* **Items listed in a dataset**:

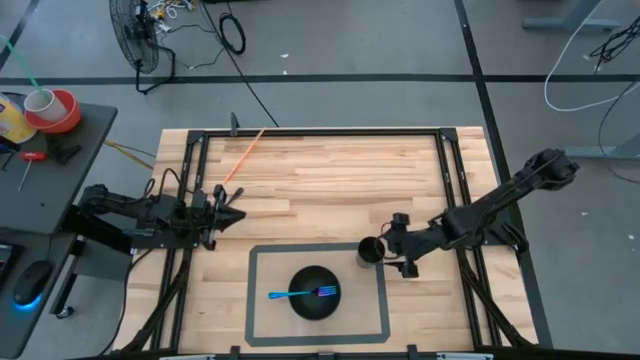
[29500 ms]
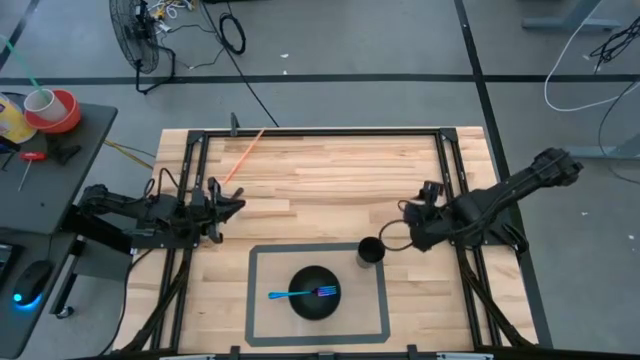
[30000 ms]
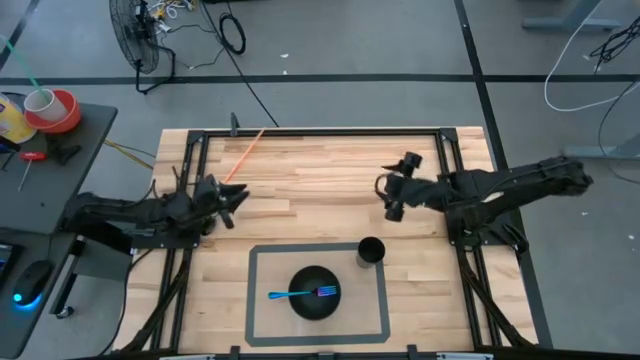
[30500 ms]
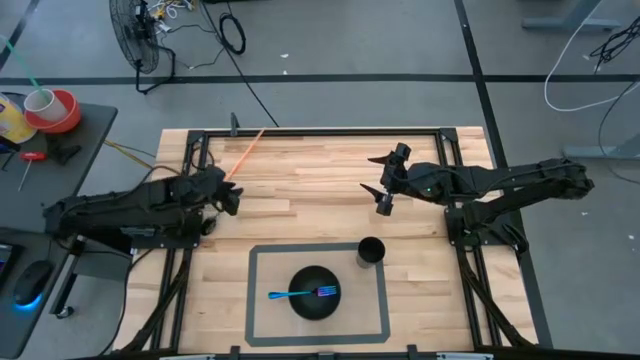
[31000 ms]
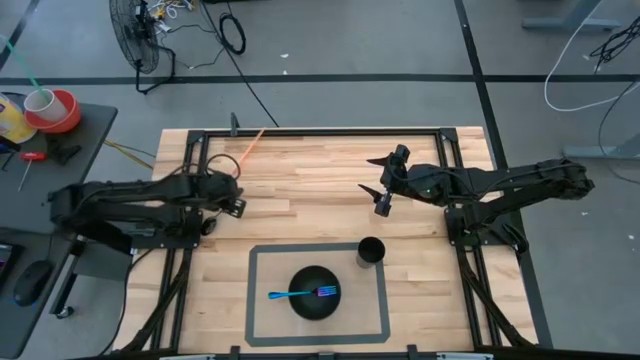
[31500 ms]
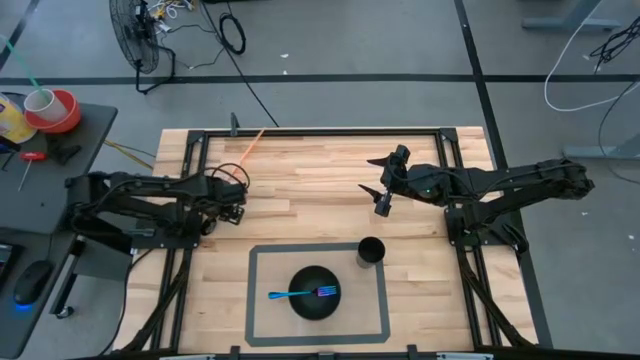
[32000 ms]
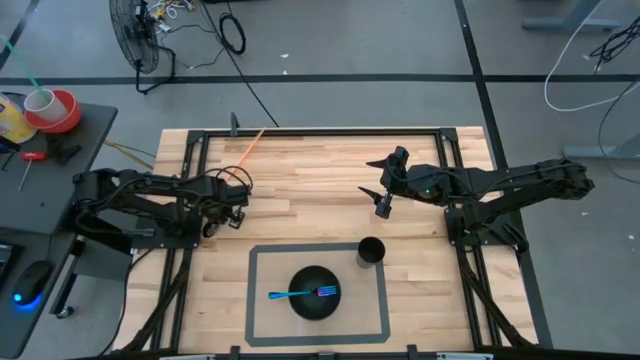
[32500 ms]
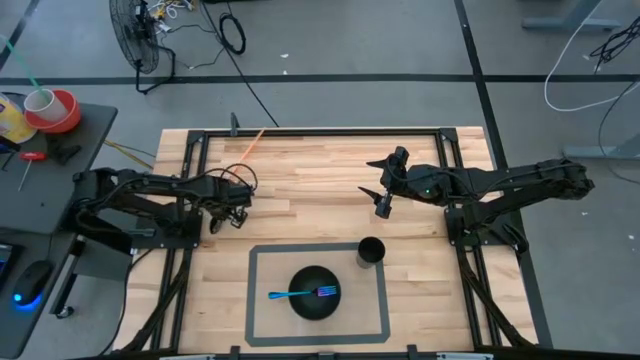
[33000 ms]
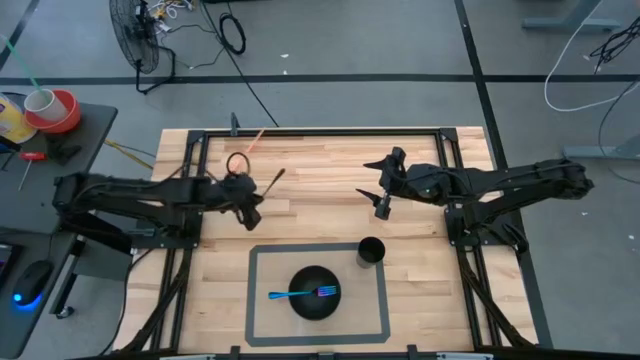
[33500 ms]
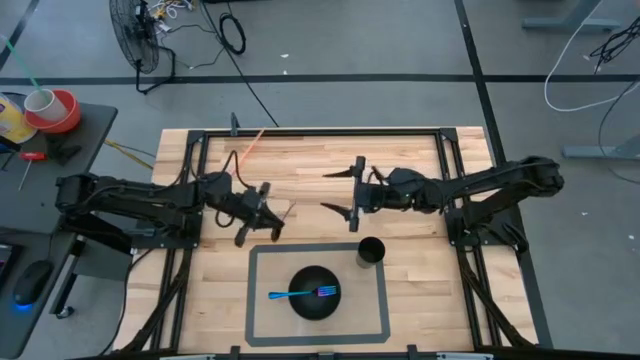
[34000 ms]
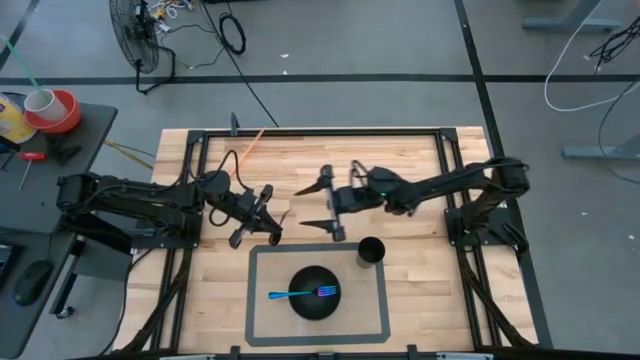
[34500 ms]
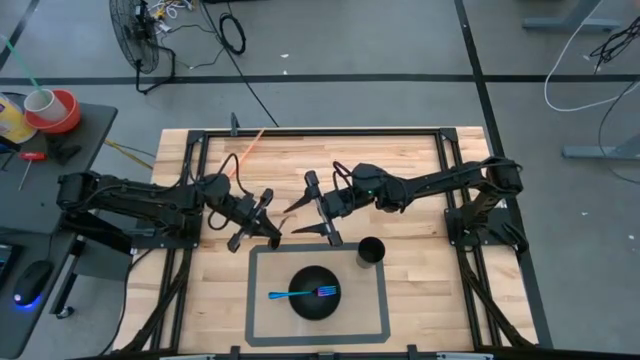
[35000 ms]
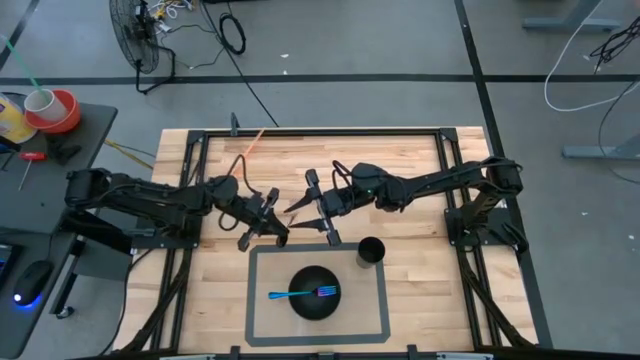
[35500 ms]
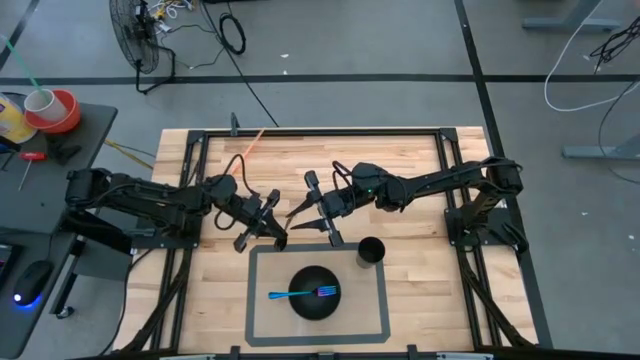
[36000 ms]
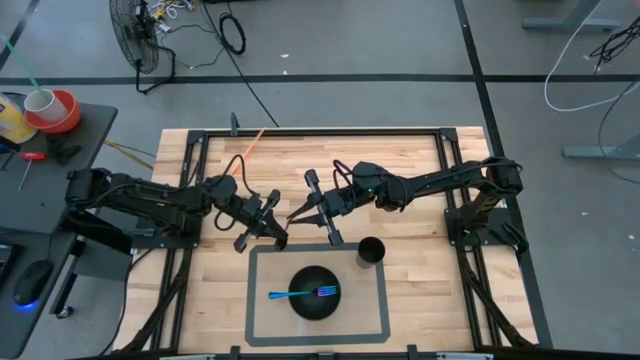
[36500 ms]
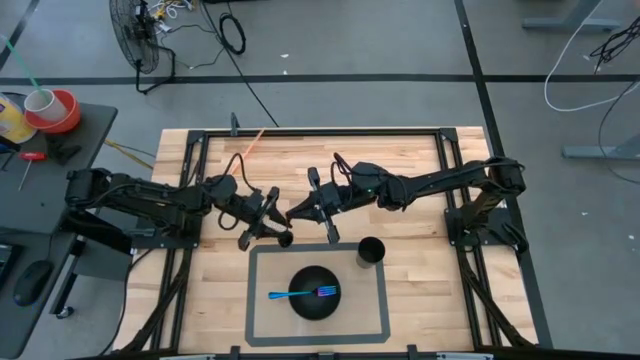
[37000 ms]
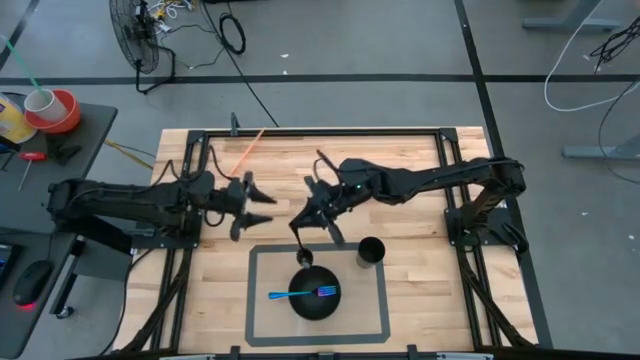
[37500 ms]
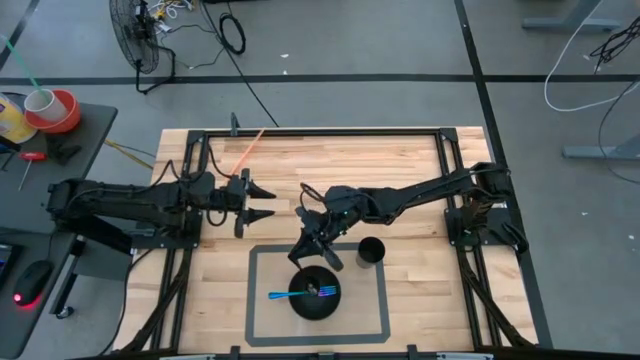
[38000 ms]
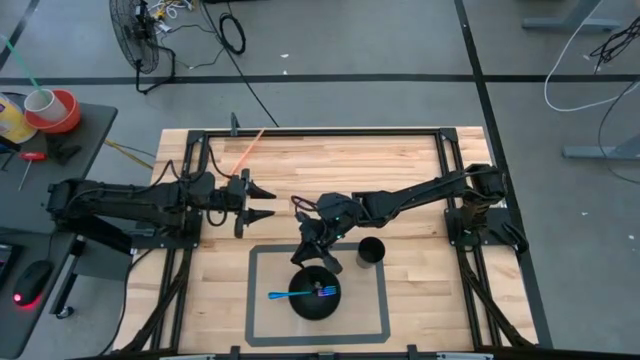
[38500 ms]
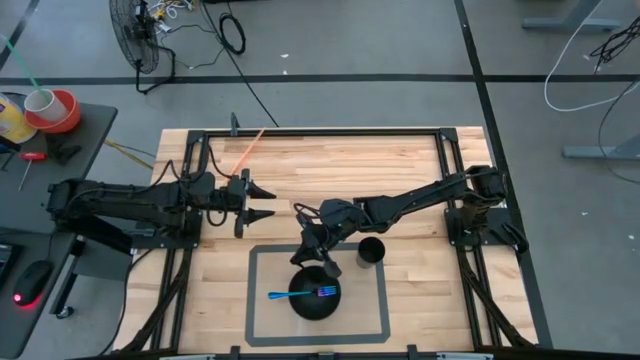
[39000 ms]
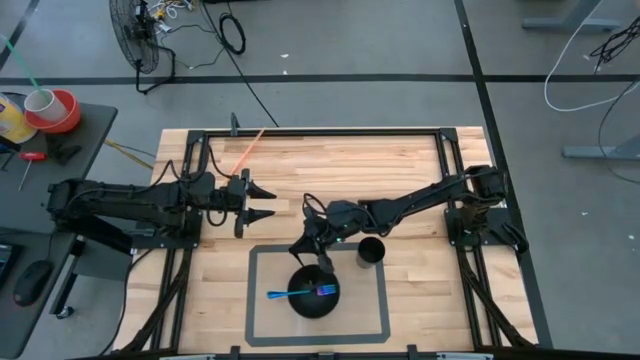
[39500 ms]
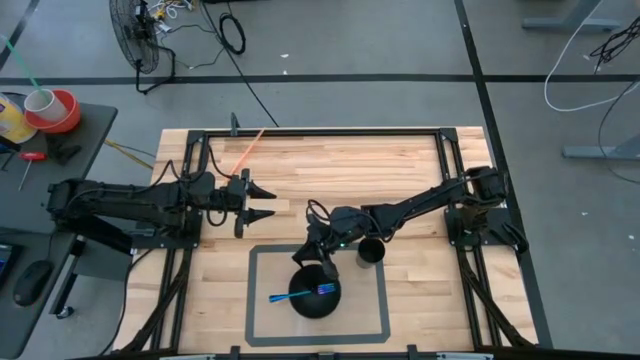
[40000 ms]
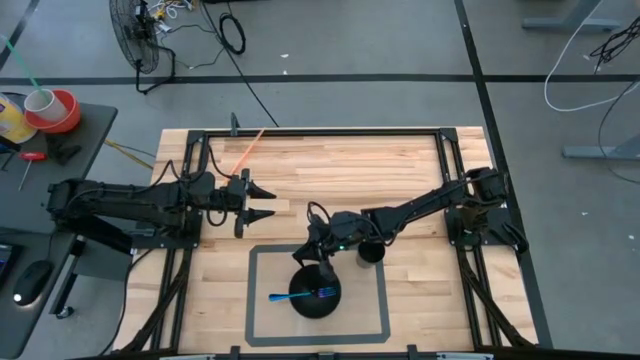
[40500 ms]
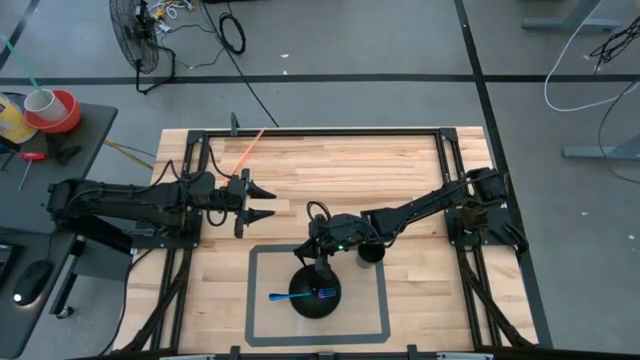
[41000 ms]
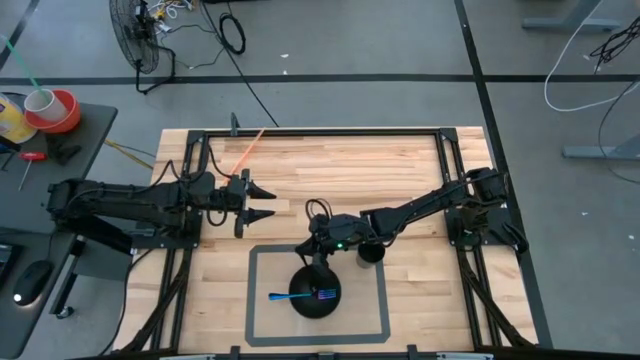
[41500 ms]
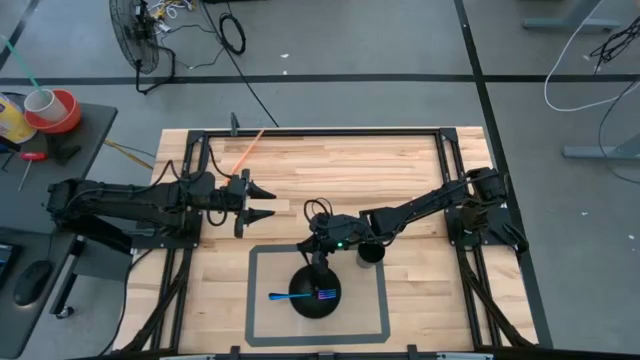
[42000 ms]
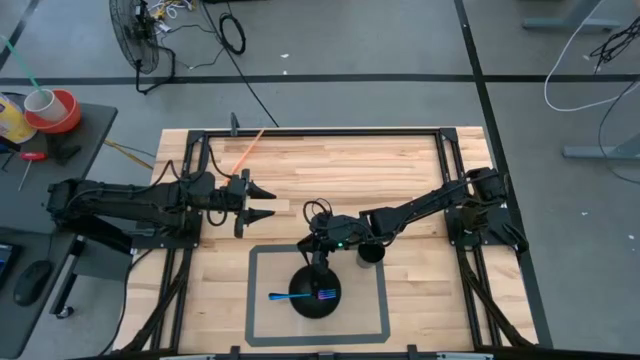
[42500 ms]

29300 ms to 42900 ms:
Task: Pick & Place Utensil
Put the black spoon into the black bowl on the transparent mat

* **WORK TO BE COMPLETED**:
When you copy the records above, keep every word exact and drop the pictures.

* **ANSWER BELOW**:
[29500 ms]
[30000 ms]
[30500 ms]
[31000 ms]
[31500 ms]
[32000 ms]
[32500 ms]
[33000 ms]
[33500 ms]
[34000 ms]
[34500 ms]
[35000 ms]
[35500 ms]
[36000 ms]
[36500 ms]
[37000 ms]
[37500 ms]
[38000 ms]
[38500 ms]
[39000 ms]
[39500 ms]
[40000 ms]
[40500 ms]
[41000 ms]
[41500 ms]
[42000 ms]
[42500 ms]

29300 ms to 42900 ms:
Task: Pick & Place Utensil
Put the black spoon into the black bowl on the transparent mat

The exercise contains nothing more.